__Work task__. The lines below, from the one holding "output wire [23:0] color" through the final line, are to be copied exactly, with no other lines and no pictures.

*** Opening of Supplied entries ***

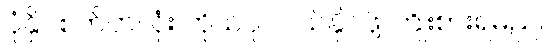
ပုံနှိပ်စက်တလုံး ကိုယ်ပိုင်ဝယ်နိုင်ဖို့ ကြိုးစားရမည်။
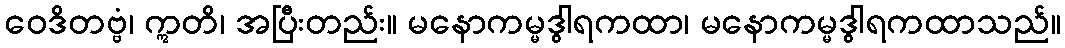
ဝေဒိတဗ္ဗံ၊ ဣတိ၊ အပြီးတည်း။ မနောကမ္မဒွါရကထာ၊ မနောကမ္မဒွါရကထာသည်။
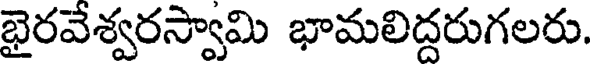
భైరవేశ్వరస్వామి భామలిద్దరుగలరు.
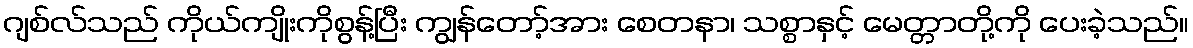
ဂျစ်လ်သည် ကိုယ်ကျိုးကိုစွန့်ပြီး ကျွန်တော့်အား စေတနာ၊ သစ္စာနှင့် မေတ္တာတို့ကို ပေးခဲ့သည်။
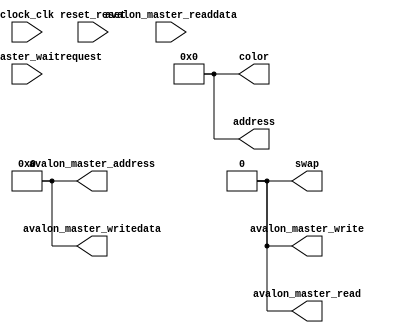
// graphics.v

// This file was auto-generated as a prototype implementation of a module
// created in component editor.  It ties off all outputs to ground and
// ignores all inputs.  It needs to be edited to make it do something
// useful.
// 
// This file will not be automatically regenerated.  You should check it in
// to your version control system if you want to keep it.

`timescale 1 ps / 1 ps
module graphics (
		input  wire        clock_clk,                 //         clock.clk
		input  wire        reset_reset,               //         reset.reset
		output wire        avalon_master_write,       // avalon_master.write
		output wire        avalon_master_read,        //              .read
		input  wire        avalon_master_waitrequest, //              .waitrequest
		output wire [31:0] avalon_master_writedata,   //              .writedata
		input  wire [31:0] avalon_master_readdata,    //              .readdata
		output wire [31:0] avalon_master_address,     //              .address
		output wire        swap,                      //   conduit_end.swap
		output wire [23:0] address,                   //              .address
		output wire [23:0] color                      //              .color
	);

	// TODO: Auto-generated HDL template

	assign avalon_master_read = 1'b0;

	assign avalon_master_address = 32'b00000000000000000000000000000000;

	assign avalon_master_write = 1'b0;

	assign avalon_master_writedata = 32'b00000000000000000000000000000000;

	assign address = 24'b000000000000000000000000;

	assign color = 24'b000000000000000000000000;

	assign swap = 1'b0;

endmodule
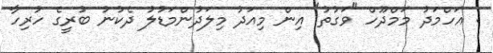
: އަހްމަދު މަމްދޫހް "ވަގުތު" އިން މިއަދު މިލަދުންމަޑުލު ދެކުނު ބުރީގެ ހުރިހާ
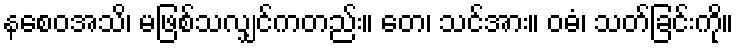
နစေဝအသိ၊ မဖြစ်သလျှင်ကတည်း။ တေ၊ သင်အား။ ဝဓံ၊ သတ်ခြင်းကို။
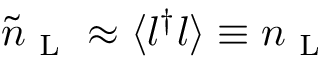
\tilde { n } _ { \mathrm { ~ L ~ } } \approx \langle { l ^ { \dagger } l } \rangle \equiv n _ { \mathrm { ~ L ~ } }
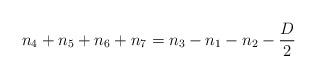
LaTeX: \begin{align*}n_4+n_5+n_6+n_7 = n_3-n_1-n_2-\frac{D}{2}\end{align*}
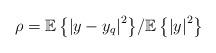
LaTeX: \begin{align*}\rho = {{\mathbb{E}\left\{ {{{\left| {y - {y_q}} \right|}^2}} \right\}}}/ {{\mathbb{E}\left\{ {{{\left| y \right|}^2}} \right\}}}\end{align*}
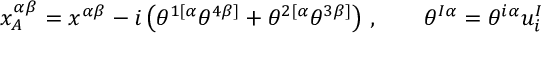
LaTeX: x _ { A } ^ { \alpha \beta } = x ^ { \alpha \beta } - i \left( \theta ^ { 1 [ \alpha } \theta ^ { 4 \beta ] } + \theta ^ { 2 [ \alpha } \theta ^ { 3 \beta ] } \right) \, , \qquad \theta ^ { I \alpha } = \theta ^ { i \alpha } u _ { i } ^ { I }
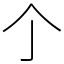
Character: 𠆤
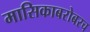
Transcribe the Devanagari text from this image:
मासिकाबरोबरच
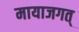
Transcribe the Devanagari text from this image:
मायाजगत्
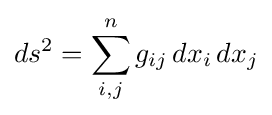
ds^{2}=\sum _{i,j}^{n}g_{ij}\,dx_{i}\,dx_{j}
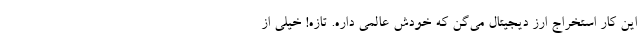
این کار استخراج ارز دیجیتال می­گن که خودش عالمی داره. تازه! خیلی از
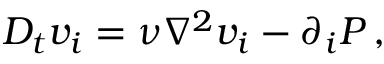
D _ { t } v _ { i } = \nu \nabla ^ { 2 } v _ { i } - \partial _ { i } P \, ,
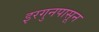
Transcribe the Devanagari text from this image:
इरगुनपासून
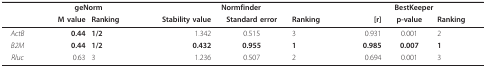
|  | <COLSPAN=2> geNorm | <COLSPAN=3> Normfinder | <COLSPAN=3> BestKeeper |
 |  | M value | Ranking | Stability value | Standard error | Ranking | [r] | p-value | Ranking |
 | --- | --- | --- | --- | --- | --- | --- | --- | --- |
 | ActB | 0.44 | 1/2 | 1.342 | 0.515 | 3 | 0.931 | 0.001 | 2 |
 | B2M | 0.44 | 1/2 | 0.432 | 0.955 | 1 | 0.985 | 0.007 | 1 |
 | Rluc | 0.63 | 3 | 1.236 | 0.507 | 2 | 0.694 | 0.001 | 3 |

*** Close of Supplied entries ***

__Output of the task__.
		output wire [23:0] color                      //              .color
	);

	// TODO: Auto-generated HDL template

	assign avalon_master_read = 1'b0;

	assign avalon_master_address = 32'b00000000000000000000000000000000;

	assign avalon_master_write = 1'b0;

	assign avalon_master_writedata = 32'b00000000000000000000000000000000;

	assign address = 24'b000000000000000000000000;

	assign color = 24'b000000000000000000000000;

	assign swap = 1'b0;

endmodule
: އަހްމަދު މަމްދޫހް "ވަގުތު" އިން މިއަދު މިލަދުންމަޑުލު ދެކުނު ބުރީގެ ހުރިހާ
နစေဝအသိ၊ မဖြစ်သလျှင်ကတည်း။ တေ၊ သင်အား။ ဝဓံ၊ သတ်ခြင်းကို။
\tilde { n } _ { \mathrm { ~ L ~ } } \approx \langle { l ^ { \dagger } l } \rangle \equiv n _ { \mathrm { ~ L ~ } }
LaTeX: \begin{align*}n_4+n_5+n_6+n_7 = n_3-n_1-n_2-\frac{D}{2}\end{align*}
LaTeX: \begin{align*}\rho = {{\mathbb{E}\left\{ {{{\left| {y - {y_q}} \right|}^2}} \right\}}}/ {{\mathbb{E}\left\{ {{{\left| y \right|}^2}} \right\}}}\end{align*}
LaTeX: x _ { A } ^ { \alpha \beta } = x ^ { \alpha \beta } - i \left( \theta ^ { 1 [ \alpha } \theta ^ { 4 \beta ] } + \theta ^ { 2 [ \alpha } \theta ^ { 3 \beta ] } \right) \, , \qquad \theta ^ { I \alpha } = \theta ^ { i \alpha } u _ { i } ^ { I }
Character: 𠆤
Transcribe the Devanagari text from this image:
मासिकाबरोबरच
Transcribe the Devanagari text from this image:
मायाजगत्
ds^{2}=\sum _{i,j}^{n}g_{ij}\,dx_{i}\,dx_{j}
این کار استخراج ارز دیجیتال می­گن که خودش عالمی داره. تازه! خیلی از
D _ { t } v _ { i } = \nu \nabla ^ { 2 } v _ { i } - \partial _ { i } P \, ,
Transcribe the Devanagari text from this image:
इरगुनपासून
|  | <COLSPAN=2> geNorm | <COLSPAN=3> Normfinder | <COLSPAN=3> BestKeeper |
 |  | M value | Ranking | Stability value | Standard error | Ranking | [r] | p-value | Ranking |
 | --- | --- | --- | --- | --- | --- | --- | --- | --- |
 | ActB | 0.44 | 1/2 | 1.342 | 0.515 | 3 | 0.931 | 0.001 | 2 |
 | B2M | 0.44 | 1/2 | 0.432 | 0.955 | 1 | 0.985 | 0.007 | 1 |
 | Rluc | 0.63 | 3 | 1.236 | 0.507 | 2 | 0.694 | 0.001 | 3 |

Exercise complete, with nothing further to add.